Thursday, July 30, 2009

Basket Pic July 30, 2009


Went into the forest with my son to pick some mushrooms. I had picked a few the previous evening, so I knew the pickings were good. High summer means bugs, so it is best to harvest soon after a rain. The basket contains Golden Chanterelles, and various Boletes and Lactarius. The day before included what you see here, plus some Beefsteak Polypore. I need to cook and eat these tonight, as tomorrow we're headed to coastal North Carolina. In NC we'll be digging clams and netting shrimp. Summer is bountiful.

2 comments:

Anonymous said...

How can you be so sure???? When I lived in Germany people did this as well. But now its very very scary.

riburr said...

You never eat a mushroom you don't know to be safely edible. The mushrooms pictured in the basket are edible, most are delicious. I know this from experience and research.

Some of the individual mushrooms shown (Boletes) I had no experience with. But, as a family they are generally recognized as safe, with only a very few species being slightly poisonous. And, the ones in the basket do not share characteristics with the poisonous few.

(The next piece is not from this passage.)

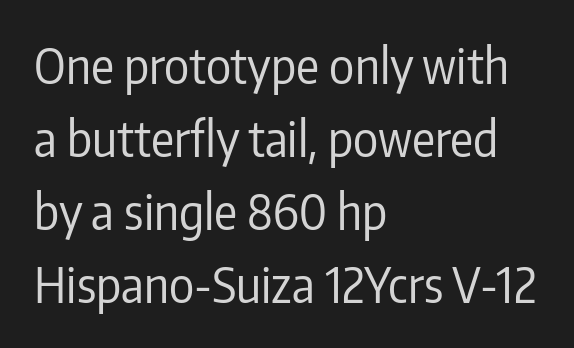
Is the stroke heavy? The answer is a plain regular-or-lighter. The rendering uses a moderate line-height, typical for paragraphs. The passage shown is typed in a proportional face where columns would drift. It's the straight-up-and-down kind of type.
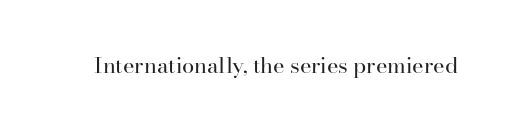
The image shows 22 px text type, upright; set normal letter spacing, not underlined.

Confidence to distinguish safe from harmful comes with experience. Experience also instructs when to exercise caution. After several years of careful foraging and sampling you *know* what is safe and what is not. If there is any question at all about a mushroom's safety, you don't eat it.

Collecting mushrooms for the kitchen table is regionally specific. The knowledge you have from collecting mushrooms in Germany doesn't apply to the mushrooms you find in Virginia. People have been sickened or killed by confusing mushrooms known to be safe in one country with a similar-looking poisonous species in another country or region.

It may take several years practice before you can confidently collect safe mushrooms for the kitchen. Some people never venture beyond easily identified Morels, if they go that far.

It helps if you live in an area where mushrooms are plentiful. Practice comes easily when I can walk out the front door and pick many, many different species from my yard.